The fan is a very good idea that I've had luck with in still air. I've also had good luck burning moqsuito coils to repel them when I'm outside. Instead of burning coils, there are now butane powered personal mosquito repellents. Look up Thermacell. It warms up a pad soaked in a pyrethroid to spread just enough vapor to be highly repellent to mosquitoes. They make ones you can place on a table, and others you can clip to yourself. If you don't need it to be portable, there are similar plug in versions marketed in Asia that you can find on eBay for VERY cheap.

Electric traps do attract mosquitoes. But they clog with moths, and based on the number of predatory insects that they also kill, they can actually make a mosquito problem worse. People like them for the resounding pop of the insect exploding. That pop spreads germs, which is why restaurants use fan based traps (with the same UV light source), rather than these electric traps in their kitchens.
 
#3 ·
I don't know if those mosquito traps work or not, but some anecdotal evidence tells me they do.

My friend has 10 acres in the woods and they have a small cabin built back from their house and a pond etc. we'd fight mosquitos all day to a degree and once the sun went down for a few hours it was unbearable without greasing up with every skin cell being covered in deet.

well last year he set up a propane mosquito trap just over a month prior to us coming out for "camping" weekend at the pond. There is mosquito breeding grounds everywhere. Besides their pond, there are multiple smaller "wild" ponds and depressions where water collects. Plus its in the middle of a natural WI woods.

I was in shorts and t-shirts the entire 3 day weekend, no spray and I think I swatted at 2-3 mosquitos the entire time. The difference was dramatic. It was Labor Day weekend so not the wettest time of the year, but last year mosquitos were still so bad at our house in town we couldn't stand to be outside almost any time of day. They were the worst they've been ever that I can remember in my life last year.

Maybe it was just a confluence of events that made it seem like it was working so well, but I do think it worked well. Just needs propane tank, I forgot how many he said he went thru in a month, 2 maybe? and electricity.
 
#5 ·
...he previous owner planted flowering plants all around the house that bloom at different times of the year. Wife likes them and doesn't want to remove them. We've already thinned them as much as possible.
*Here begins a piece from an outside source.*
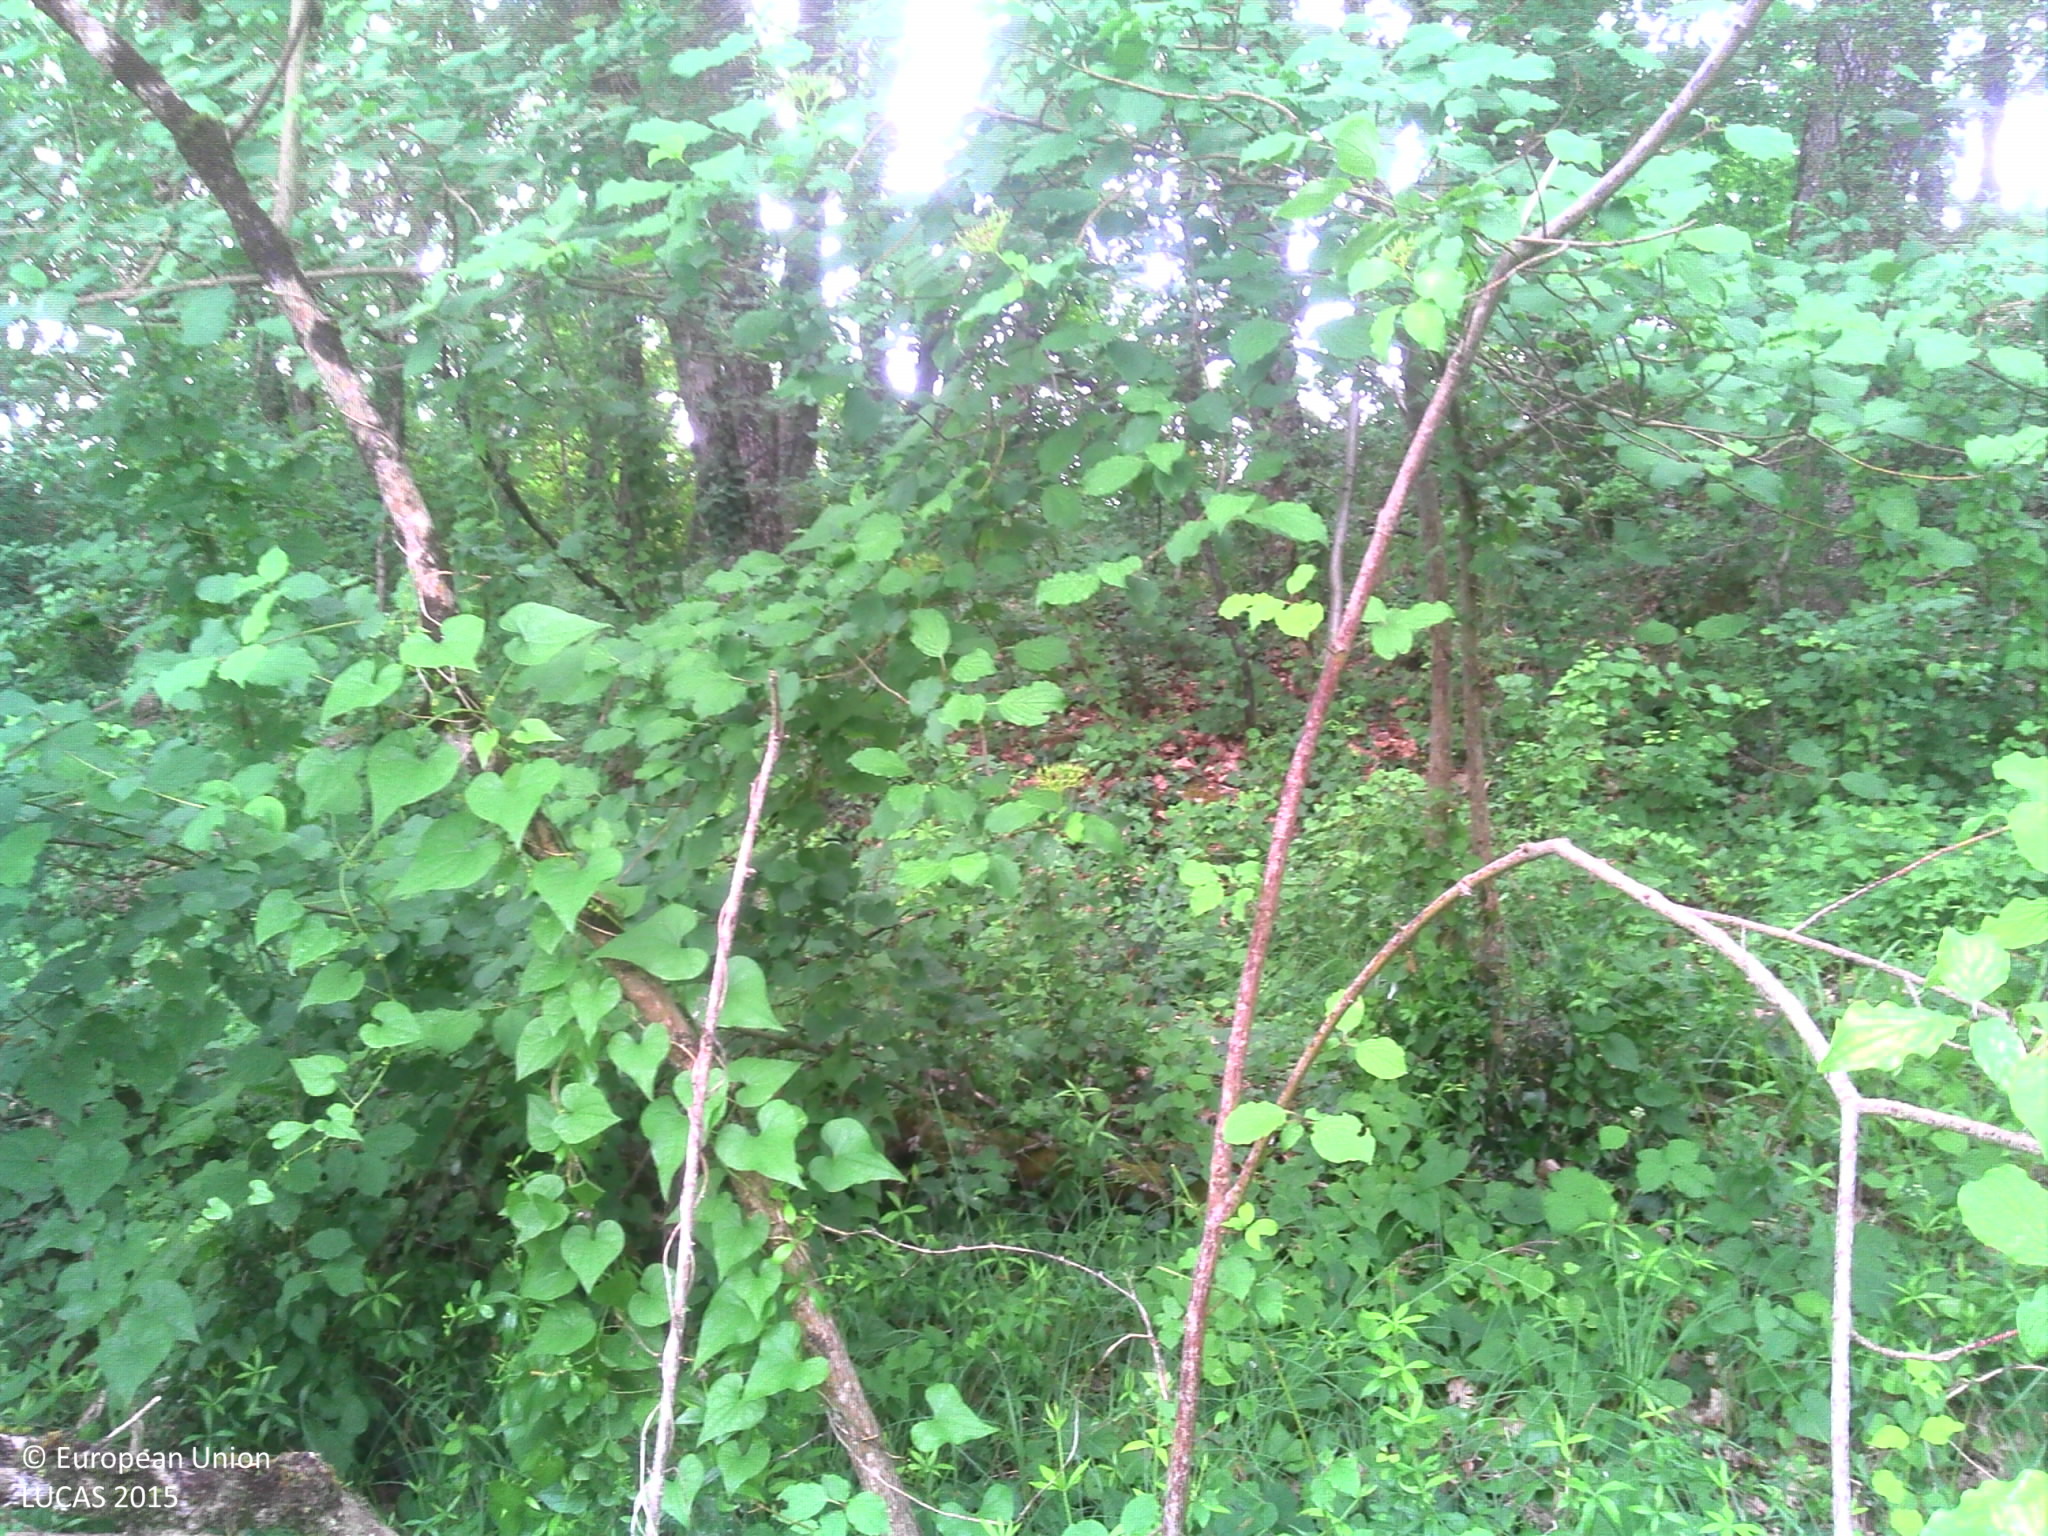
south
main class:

I'm planning to fog the lot perimeter with bifenthrin, but I need to do something about all the flowering plants around the perimeter of the house...
Why? Mosquitoes are not attracted to all flowers. Many flowers repel them. Just plant the right types. Marigolds, geraniums, lavender, lemon balm, rosemary, basil, mint, sage, the list is endless.
 
#8 ·
Yeah, mods, moving my thread was a bad move. Shame on you.

I researched the forums here and I put my question in the pesticide section for a reason. Moving it into the homeowner forum resulted in the replies pointing me to useless homeowner junk like burning incense coils (I've seen those in use; they're worthless).

I'm going to be fogging. The only question is with what. I'm trying to be responsible by researching the most appropriate and least harmful solution, but because the mods decided to be smug, elitist and exclusionary dicks and deny me the actual useful information I'm looking for by kicking my question to the homeowner forum because I'm not a professional, all you're accomplishing is making it more likely that a less appropriate chemical gets applied... which will end up reflecting on and impacting the professional community.